YOUR OBJECTIVE:
Nothing but the lines from the start of the entries through the line holding "[0:12.2-0:14.8]" is to be repeated, exactly and with pictures excluded.

DATASET ENTRIES:
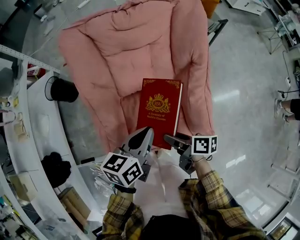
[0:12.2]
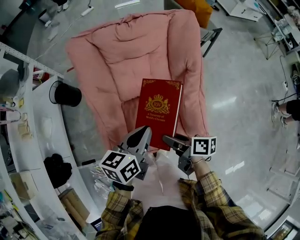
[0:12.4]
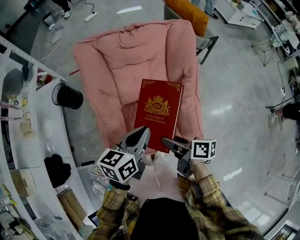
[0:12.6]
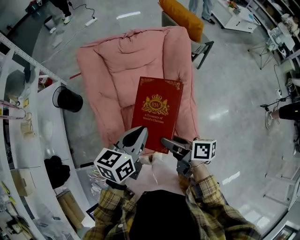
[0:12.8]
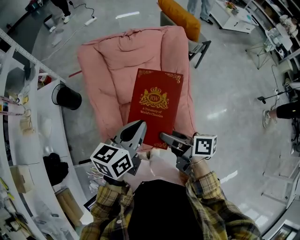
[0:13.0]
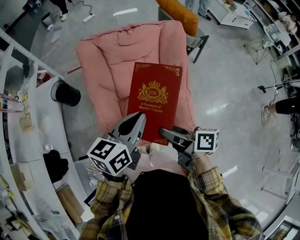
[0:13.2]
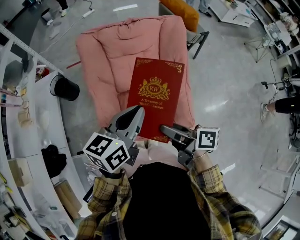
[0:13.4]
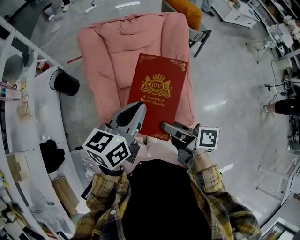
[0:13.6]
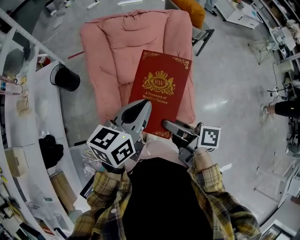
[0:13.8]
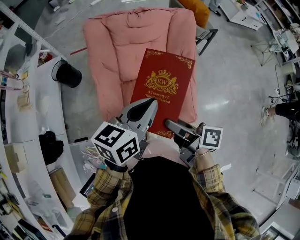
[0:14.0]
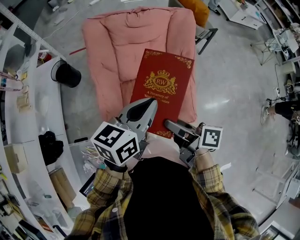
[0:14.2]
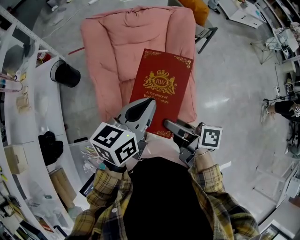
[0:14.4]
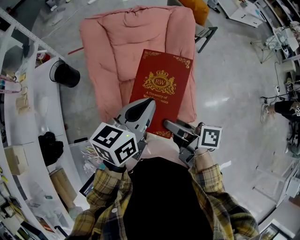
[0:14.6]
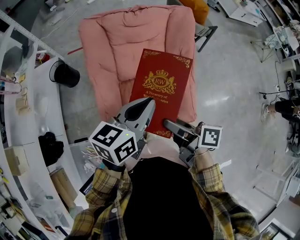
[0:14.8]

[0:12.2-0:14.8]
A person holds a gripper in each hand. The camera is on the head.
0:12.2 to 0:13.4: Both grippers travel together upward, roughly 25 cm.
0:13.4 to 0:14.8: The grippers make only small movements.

SOLVED PROBLEM:
[0:12.2]
[0:12.4]
[0:12.6]
[0:12.8]
[0:13.0]
[0:13.2]
[0:13.4]
[0:13.6]
[0:13.8]
[0:14.0]
[0:14.2]
[0:14.4]
[0:14.6]
[0:14.8]

[0:12.2-0:14.8]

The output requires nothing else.